How can we identify which cybercriminal marketplaces can support the trade of innovative offensive products and services, and how can we effectively monitor their activity to evaluate the threat they pose?
We first conduct a preliminary study on the segregation of underground marketplaces in relation to the maturity of the offensive tools and services they provision. We aggregate information from industry reports and scientific literature, and we corroborate these findings by manually exploring 13 underground markets. Our study finds indication that more segregated markets tend to offer more mature offensive tools, and they tend to be better protected against unwanted access and monitoring activity. Following this, we must address the problem of circumventing network monitoring performed by markets to detect and thwart automated data extraction. Therefore, we investigate crawler detection mechanisms to devise a method and implement a prototypical crawler (THREAT/crawl) for stealthy automated data collection for segregated underground markets.
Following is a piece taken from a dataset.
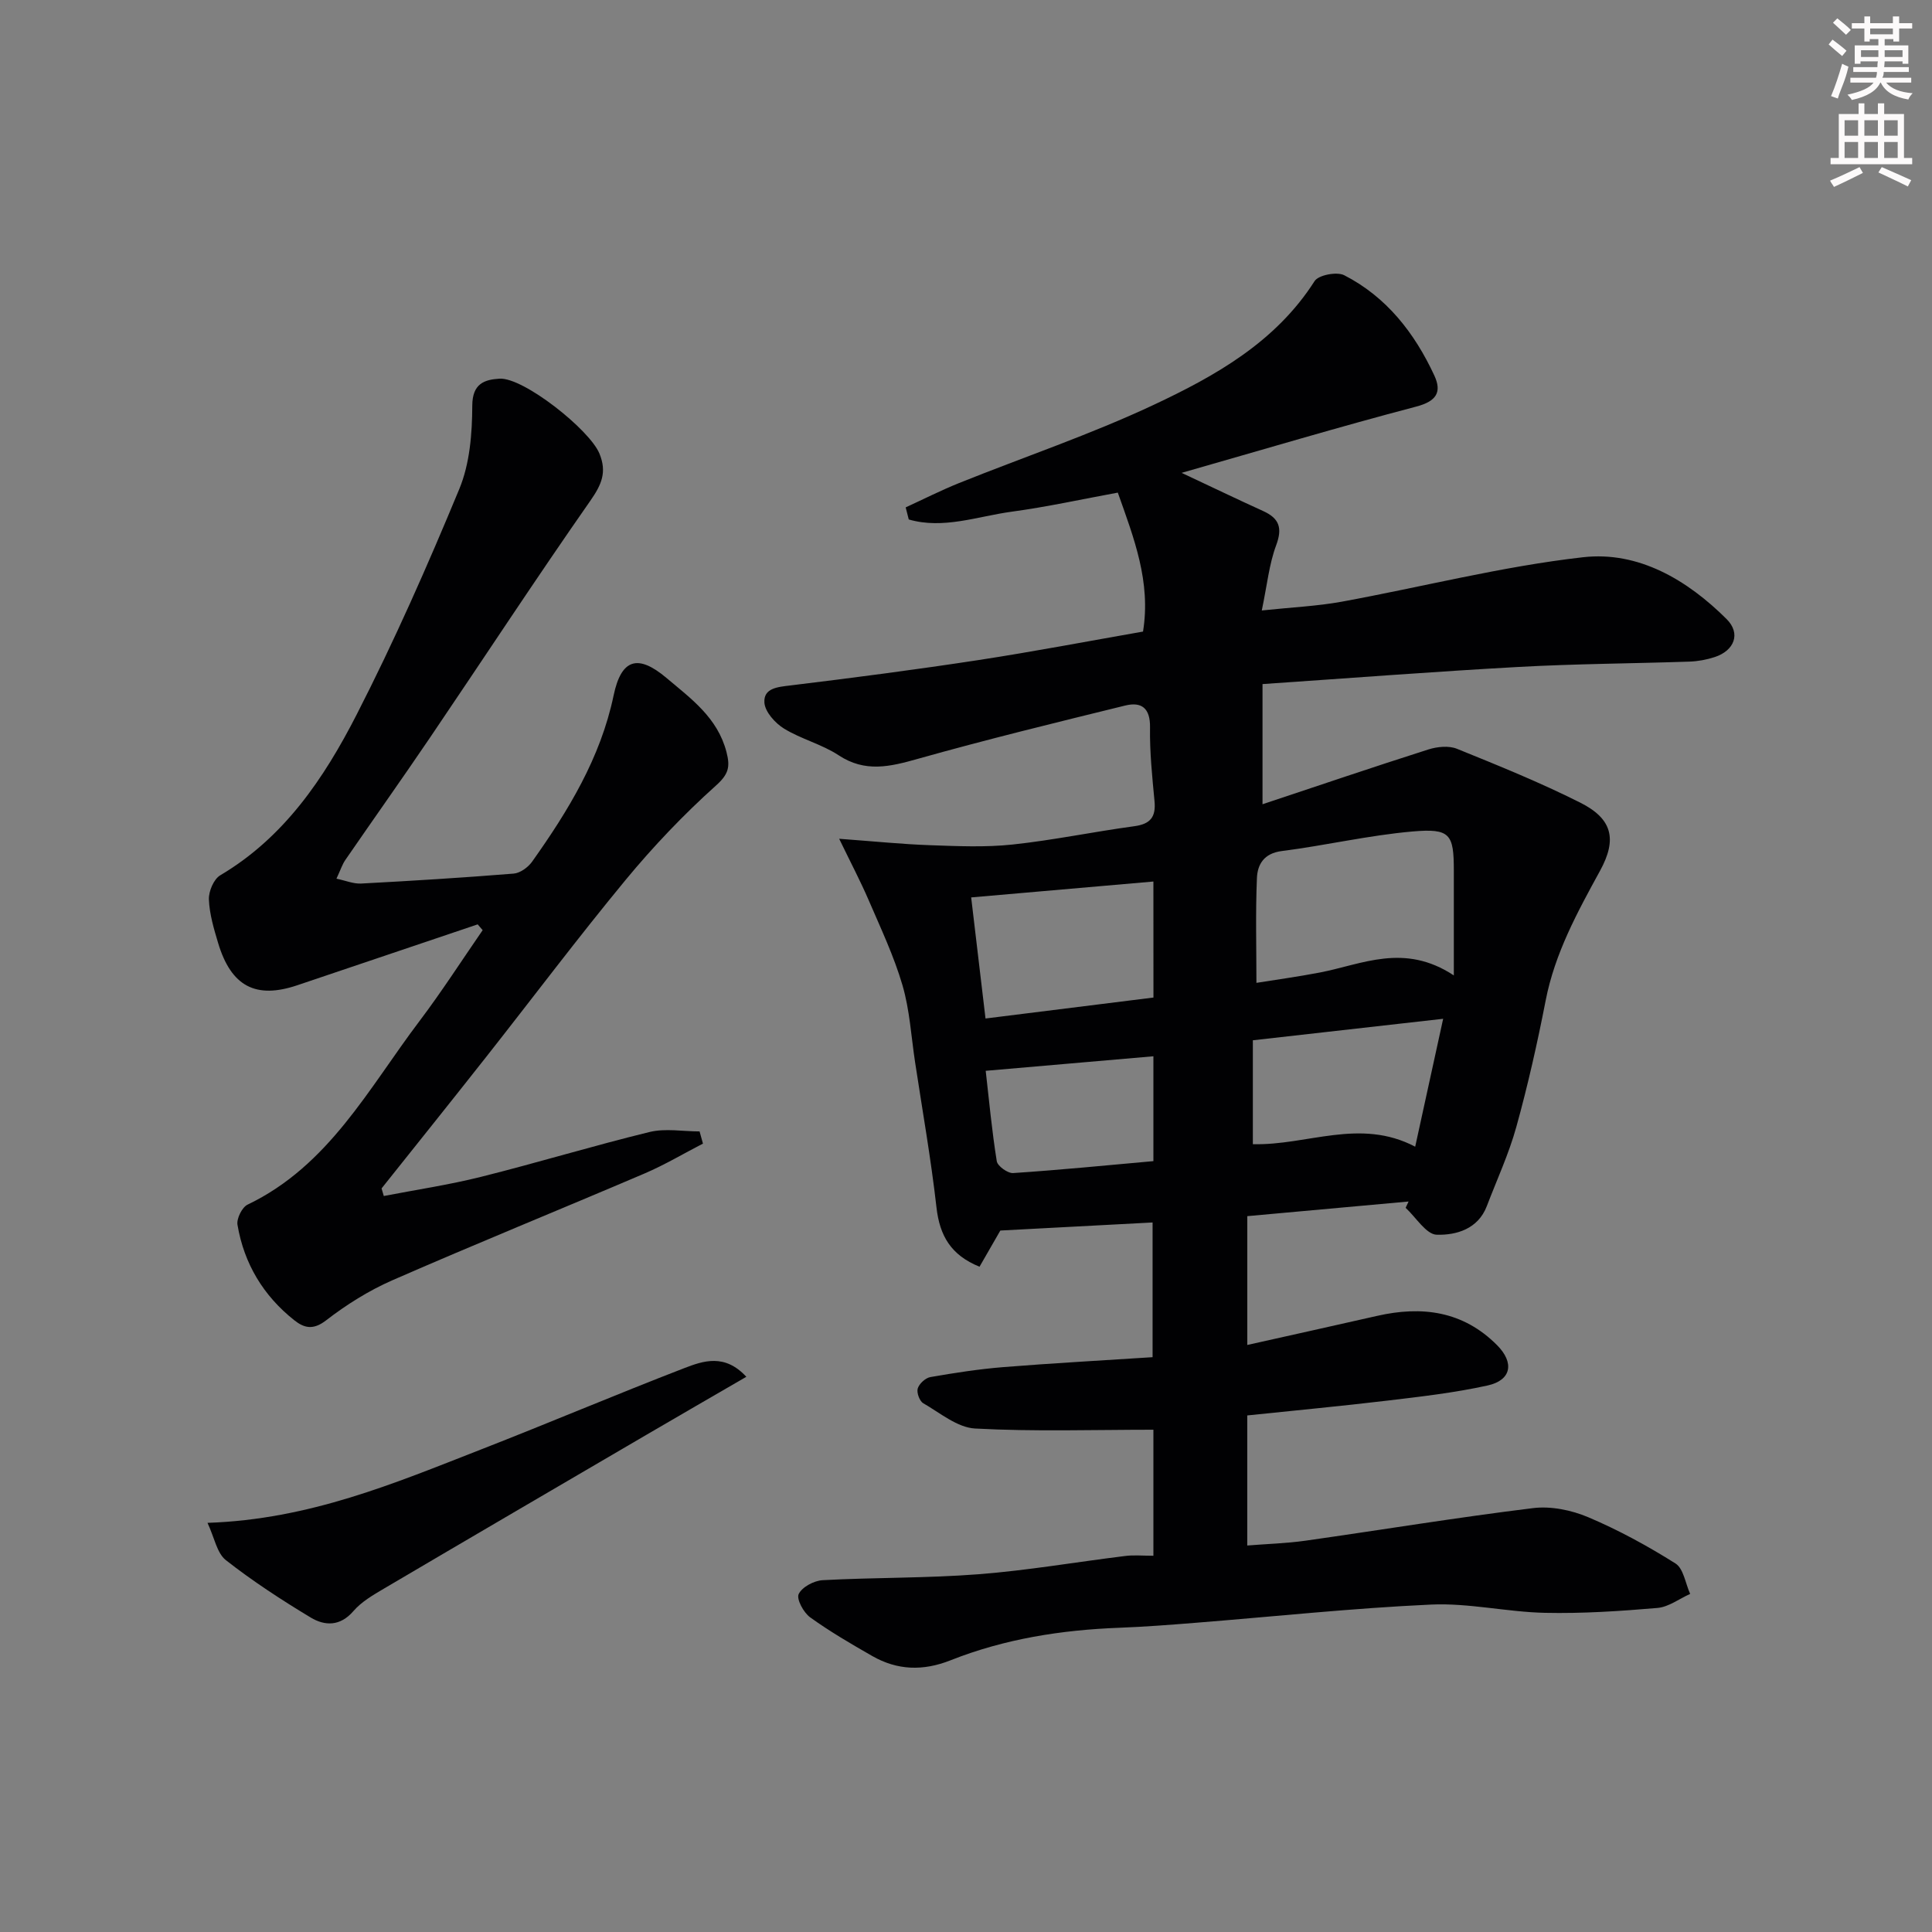 <svg enable-background="new 0 0 400 400" viewBox="0 0 400 400" xmlns="http://www.w3.org/2000/svg"><rect x="0" y="0" width="400" height="400" fill="#808080" stroke="none"/><path d="m378.6 9.2.8-1c.9.7 1.9 1.4 2.9 2.3l-.9 1.1c-1.1-.9-2-1.7-2.8-2.4zm.5 10.7c.9-2.1 1.6-4.3 2.3-6.7.4.2.8.4 1.3.6-.7 3.1-1.5 4.3-2.2 6.6zm.4-15.2.9-.9c1 .8 2 1.6 2.8 2.4l-1 1c-1-.9-1.9-1.8-2.7-2.5zm12.5-1.3h1.2v1.4h2.7v1.1h-2.7v2.7h-1.2v-.5h-1.8v1.3h4.9v3.8h-1.2v-.5h-3.7c0 .4-.1.9-.1 1.2h5.1v1h-5.2c0 .6-.1.9-.3 1.2h6v1h-5.2c1.1 1.3 2.9 2 5.5 2.2-.4.4-.7.8-.9 1.3-2.9-.5-4.8-1.6-5.7-3.5h-.1c-.8 1.7-2.7 2.9-5.9 3.6-.2-.4-.6-.8-.9-1.1 2.8-.6 4.6-1.4 5.4-2.5h-4.8v-1h5.3c.1-.3.2-.7.2-1.2h-4.9v-1h5c0-.4 0-.8.1-1.2h-3.6v.5h-1.2v-3.8h4.9v-1.3h-1.8v.5h-1.1v-2.7h-2.6v-1.1h2.6v-1.4h1.2v1.4h4.7v-1.4zm-6.7 8.4h3.6c0-.4 0-.9 0-1.4h-3.6zm1.9-4.7h4.7v-1.2h-4.7zm6.7 3.3h-3.7v1.4h3.7z" fill="#fcfafa"/><path d="m384.7 21.4h1.3v2.2h2.8v-2.2h1.3v2.2h4.1v9.1h1.7v1.3h-16.9v-1.3h1.7v-9.1h4.1v-2.2zm.3 13.2.7 1.2c-1.8.9-3.8 1.9-6 2.9-.2-.4-.5-.7-.8-1.3 2.4-1 4.4-2 6.1-2.8zm-3.1-6.5h2.8v-3.2h-2.8zm0 4.6h2.8v-3.3h-2.8v3.2zm4.1-4.6h2.8v-3.2h-2.8zm0 4.6h2.8v-3.3h-2.8zm3.6 1.9c2.1.9 4.1 1.8 6.1 2.7l-.7 1.3c-2.2-1.1-4.2-2-6.1-2.9zm3.3-9.7h-2.8v3.2h2.8zm-2.8 7.8h2.8v-3.3h-2.8z" fill="#fcfafa"/><g fill="#010103"><path d="m238.8 322.1c0-9.25 0-17.86 0-26.09-12.39 0-24.68.41-36.92-.25-3.68-.2-7.26-3.24-10.74-5.24-.76-.44-1.4-2.21-1.13-3.06.31-.99 1.59-2.17 2.61-2.35 4.99-.87 10.01-1.65 15.06-2.06 10.19-.82 20.4-1.37 30.95-2.06 0-9.22 0-18.28 0-27.89-10.75.57-21.51 1.14-31.52 1.67-1.7 2.95-2.97 5.16-4.31 7.49-5.95-2.4-8.25-6.45-8.91-12.26-1.14-10.06-2.91-20.05-4.43-30.07-.81-5.33-1.11-10.81-2.61-15.94-1.76-6.02-4.49-11.78-6.98-17.57-1.69-3.93-3.69-7.72-6.13-12.76 7.37.54 13.09 1.13 18.83 1.33 5.69.2 11.44.46 17.08-.14 8.43-.9 16.77-2.65 25.19-3.79 3.34-.45 4.5-1.91 4.19-5.19-.48-5.08-1.01-10.19-.93-15.28.06-3.99-1.77-5.34-5.12-4.52-14.37 3.53-28.75 7.04-42.99 11.05-5.73 1.62-10.87 2.87-16.36-.75-3.48-2.29-7.76-3.34-11.32-5.53-1.83-1.13-3.93-3.47-4.05-5.38-.19-3 2.73-3.23 5.41-3.55 12.99-1.58 25.97-3.27 38.91-5.25 11.41-1.75 22.76-3.92 34.07-5.9 1.67-10.31-1.88-19.34-5.22-28.77-7.31 1.34-14.6 2.95-21.97 3.95-7.06.96-14.17 3.69-21.31 1.61-.21-.83-.43-1.67-.64-2.5 3.67-1.69 7.29-3.52 11.03-5.03 13.44-5.4 27.22-10.05 40.3-16.19 12.82-6.02 25.28-13.01 33.33-25.63.81-1.27 4.62-1.99 6.13-1.22 8.77 4.49 14.58 11.97 18.66 20.76 1.59 3.42.47 5.33-3.71 6.43-16.01 4.21-31.87 8.95-48.61 13.73 6.34 2.97 11.58 5.5 16.87 7.9 3.35 1.52 4.05 3.49 2.7 7.11-1.45 3.89-1.86 8.17-2.97 13.48 6.24-.66 11.44-.89 16.52-1.81 16.67-3.05 33.19-7.31 49.99-9.21 11.46-1.3 21.57 4.68 29.73 12.81 2.99 2.98 1.61 6.52-2.47 7.86-1.68.55-3.49.88-5.25.94-11.76.4-23.55.45-35.3 1.1-17.59.97-35.15 2.33-53.07 3.55v24.88c11.56-3.85 22.91-7.7 34.33-11.34 1.83-.58 4.23-.83 5.93-.14 8.6 3.48 17.23 6.98 25.51 11.14 6.65 3.34 7.69 7.56 4.13 14.08-4.7 8.59-9.38 17.11-11.28 26.91-1.71 8.78-3.68 17.53-6.07 26.15-1.55 5.6-4.03 10.95-6.11 16.4-1.82 4.77-6.33 6.03-10.35 5.93-2.2-.05-4.31-3.6-6.46-5.57.2-.44.41-.87.61-1.31-11.07 1.01-22.14 2.01-33.39 3.03v26.67c9.19-2.06 18.04-4.01 26.87-6.02 9.3-2.12 17.8-1.01 24.83 6.05 3.63 3.64 3 7.27-1.95 8.36-6.84 1.51-13.85 2.31-20.82 3.14-9.58 1.14-19.18 2.04-28.94 3.06v26.93c4.09-.33 8.12-.44 12.08-1 15.7-2.23 31.35-4.81 47.08-6.74 3.7-.46 7.95.41 11.43 1.88 6.26 2.65 12.31 5.95 18.07 9.58 1.67 1.05 2.06 4.15 3.04 6.3-2.26 1.01-4.45 2.71-6.78 2.91-7.74.66-15.52 1.18-23.28 1.01-7.88-.17-15.78-2.07-23.6-1.71-16.26.74-32.47 2.48-48.71 3.77-5.26.42-10.53.83-15.8 1.03-12.01.45-23.77 2.3-34.97 6.74-5.68 2.25-11 2.08-16.2-.89-4.38-2.51-8.77-5.06-12.86-8.01-1.36-.98-2.87-3.78-2.37-4.82.69-1.45 3.17-2.77 4.95-2.87 10.75-.58 21.56-.4 32.28-1.23 10.11-.78 20.13-2.52 30.21-3.76 1.79-.26 3.64-.07 6-.07zm62.2-120.15c0-8.24 0-14.97 0-21.69 0-7.57-.73-8.79-8.56-8.11-9.07.79-18.01 2.9-27.06 4.05-3.71.47-5.04 2.78-5.15 5.64-.3 7.19-.1 14.4-.1 21.65 3.9-.63 8.54-1.26 13.12-2.14 8.78-1.69 17.45-6.2 27.75.6zm-62.2-19.44c-12.87 1.12-25.24 2.2-37.73 3.29.98 8.3 1.98 16.75 2.97 25.07 12.21-1.53 23.49-2.93 34.77-4.34-.01-8.2-.01-16.13-.01-24.02zm59.99 28.42c-13.64 1.54-26.59 3-39.4 4.45v21.51c11.26.3 22.13-5.5 33.61.52 1.96-8.94 3.82-17.47 5.79-26.48zm-59.99 29.47c0-8.14 0-15.1 0-21.71-11.58 1-23 1.99-34.72 3.01.7 6.13 1.28 12.45 2.29 18.71.16 1.02 2.28 2.54 3.4 2.46 9.63-.64 19.24-1.59 29.03-2.47z"/><path d="m98.9 191.38c-12.44 4.2-24.88 8.4-37.33 12.6-8.61 2.91-13.71.25-16.41-8.74-.88-2.94-1.79-5.98-1.91-9.01-.07-1.68 1-4.21 2.35-5.01 13.26-7.85 21.49-20.1 28.21-33.21 7.8-15.23 14.73-30.94 21.28-46.76 2.18-5.26 2.67-11.49 2.69-17.28.02-4.59 2.56-5.38 5.64-5.57 4.95-.3 18.62 10.53 20.68 15.49 1.6 3.87.45 6.45-1.88 9.79-11.3 16.17-22.11 32.69-33.18 49.02-5.77 8.51-11.72 16.89-17.55 25.36-.63.92-.98 2.04-1.83 3.86 1.91.4 3.52 1.09 5.1 1.01 10.54-.56 21.07-1.21 31.59-2.06 1.35-.11 2.98-1.3 3.81-2.46 7.49-10.55 14.17-21.49 16.88-34.42 1.6-7.65 5.06-8.58 10.92-3.65 5.17 4.36 10.6 8.25 12.45 15.36.8 3.09.45 4.59-2.21 6.97-6.69 6-12.96 12.59-18.69 19.53-9.9 11.99-19.24 24.43-28.87 36.65-7.17 9.1-14.42 18.14-21.64 27.2.15.52.31 1.05.46 1.57 6.72-1.3 13.51-2.31 20.14-3.97 11.67-2.92 23.19-6.43 34.88-9.28 3.27-.8 6.9-.12 10.36-.12.23.84.46 1.68.7 2.52-4.03 2.08-7.94 4.41-12.1 6.19-17.37 7.42-34.88 14.53-52.19 22.1-4.89 2.14-9.55 5.07-13.77 8.33-2.65 2.04-4.51 1.56-6.53-.03-6.41-5.07-10.42-11.72-11.78-19.77-.22-1.28.94-3.63 2.08-4.18 16.82-8.05 25.07-24.09 35.58-37.98 4.61-6.1 8.75-12.55 13.1-18.85-.35-.4-.69-.8-1.03-1.2z"/><path d="m42.96 315.29c21.15-.71 38.76-8.22 56.52-15.15 14.1-5.5 28.04-11.42 42.16-16.87 3.94-1.52 8.4-3.08 12.88 1.78-7.18 4.17-13.92 8.05-20.63 11.98-18.16 10.62-36.33 21.23-54.46 31.91-2.23 1.32-4.61 2.7-6.26 4.62-2.75 3.19-5.92 3.09-8.85 1.33-6.05-3.65-12.01-7.53-17.56-11.88-1.86-1.47-2.36-4.65-3.8-7.72z"/></g></svg>

We design the crawler to offer a simplified supervised procedure to learn how to crawl a forum and what data to collect, and we test it against 7 live forums. We publicly release the code and documentation of the crawler.

Making use of the techniques and insights developed in the first stage of this work, we then investigate the presence of prominent threats in the underground. During our investigation across 30+ underground forums, we discover Genesis Market, an (at the time) emerging market proposing a novel criminal service for Internet user impersonation at scale. After obtaining invitation codes to access the market from affiliate communities and users, we infiltrate it with multiple identities and use those to investigate its operations and derive a model of the threat it generates, that we called “Impersonation-as-a-Service” (IMPaaS). Further, we develop a specialized crawler based on THREAT/crawl to scrape the whole market’s offer, enabling us to assess the scale of the threat globally and perform statistical evaluation of products pricing in relation to their characteristics. We devise a rigorous statistical methodology based on dimensionality reduction and multi-factor analysis to account for the intrinsic limitations of data collection in this domain, to estimate market revenues, scale, and attacker (i.e., market customers) preferences, and evaluate the overall posed threat. We conclude that Genesis is a mature marketplace, and IMPaaS is a (now) established threat at scale that could be used as a convenient alternative for initial access to mount targeted attacks. The extracted datasets are available to interested researchers.

Finally, we condense findings and insights from our research to investigate the characteristics of cybercriminal marketplaces trading innovative threats like IMPaaS. We identify issues typical of “markets for lemons” and derive mitigating mechanisms employed by markets by manually investigating 20+ cybercriminal marketplaces and the relevant literature. We cast the obtained dimensions into a preliminary framework based on the Business Model Canvas to evaluate what business aspects affect the trade of innovative products. Our findings show that “functioning marketplaces” on average tend to be more segregated, scrutiny their sellers, and are concerned with offering a fair and competitive marketplace.

In conclusion, this thesis shows that the underground ecosystem is diverse, and it is possible to identify and stealthily monitor the fraction that convincingly solves trade problems and drives innovation, thus obtaining more refined threat intelligence, while better understanding the criminal decision-making process. Ultimately, we argue that identifying factors that support innovation in the cybercriminal landscape has the potential to provide insights on the criminal’s decision making, hence allowing defenders to, potentially, be prepared for the `next big attack’ before it arrives.